[Collected data entries]
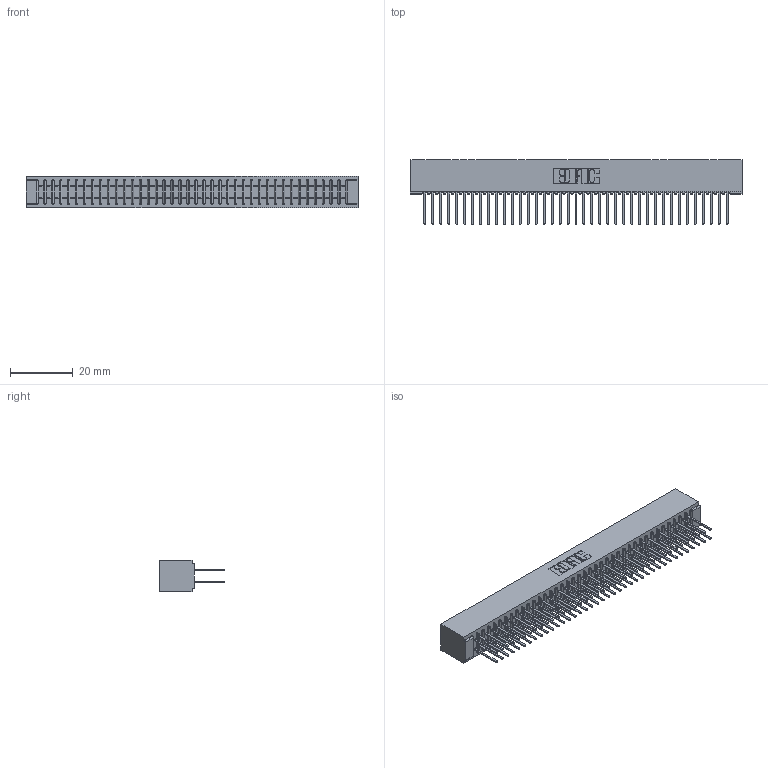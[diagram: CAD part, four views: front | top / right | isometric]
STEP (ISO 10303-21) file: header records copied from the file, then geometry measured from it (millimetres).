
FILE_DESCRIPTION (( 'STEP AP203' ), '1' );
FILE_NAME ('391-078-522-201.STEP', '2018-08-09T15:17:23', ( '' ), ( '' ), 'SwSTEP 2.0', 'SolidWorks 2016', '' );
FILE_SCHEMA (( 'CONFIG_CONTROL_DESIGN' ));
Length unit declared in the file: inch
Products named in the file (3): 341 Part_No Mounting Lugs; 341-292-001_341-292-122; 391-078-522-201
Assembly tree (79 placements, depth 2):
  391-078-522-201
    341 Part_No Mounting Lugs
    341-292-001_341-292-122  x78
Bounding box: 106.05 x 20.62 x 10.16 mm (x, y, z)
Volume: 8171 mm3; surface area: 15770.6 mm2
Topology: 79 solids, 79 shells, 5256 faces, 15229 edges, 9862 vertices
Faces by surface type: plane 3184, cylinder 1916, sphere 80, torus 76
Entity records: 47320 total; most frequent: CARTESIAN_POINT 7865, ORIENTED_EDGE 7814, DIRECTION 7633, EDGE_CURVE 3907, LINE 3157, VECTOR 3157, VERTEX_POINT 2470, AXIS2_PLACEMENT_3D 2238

● **TRY IT**: Drop the pictures and copy the data exactly.

● **FINAL ANSWER**:
[diagram: CAD part, four views: front | top / right | isometric]
STEP (ISO 10303-21) file: header records copied from the file, then geometry measured from it (millimetres).
FILE_DESCRIPTION (( 'STEP AP203' ), '1' );
FILE_NAME ('391-078-522-201.STEP', '2018-08-09T15:17:23', ( '' ), ( '' ), 'SwSTEP 2.0', 'SolidWorks 2016', '' );
FILE_SCHEMA (( 'CONFIG_CONTROL_DESIGN' ));
Length unit declared in the file: inch
Products named in the file (3): 341 Part_No Mounting Lugs; 341-292-001_341-292-122; 391-078-522-201
Assembly tree (79 placements, depth 2):
  391-078-522-201
    341 Part_No Mounting Lugs
    341-292-001_341-292-122  x78
Bounding box: 106.05 x 20.62 x 10.16 mm (x, y, z)
Volume: 8171 mm3; surface area: 15770.6 mm2
Topology: 79 solids, 79 shells, 5256 faces, 15229 edges, 9862 vertices
Faces by surface type: plane 3184, cylinder 1916, sphere 80, torus 76
Entity records: 47320 total; most frequent: CARTESIAN_POINT 7865, ORIENTED_EDGE 7814, DIRECTION 7633, EDGE_CURVE 3907, LINE 3157, VECTOR 3157, VERTEX_POINT 2470, AXIS2_PLACEMENT_3D 2238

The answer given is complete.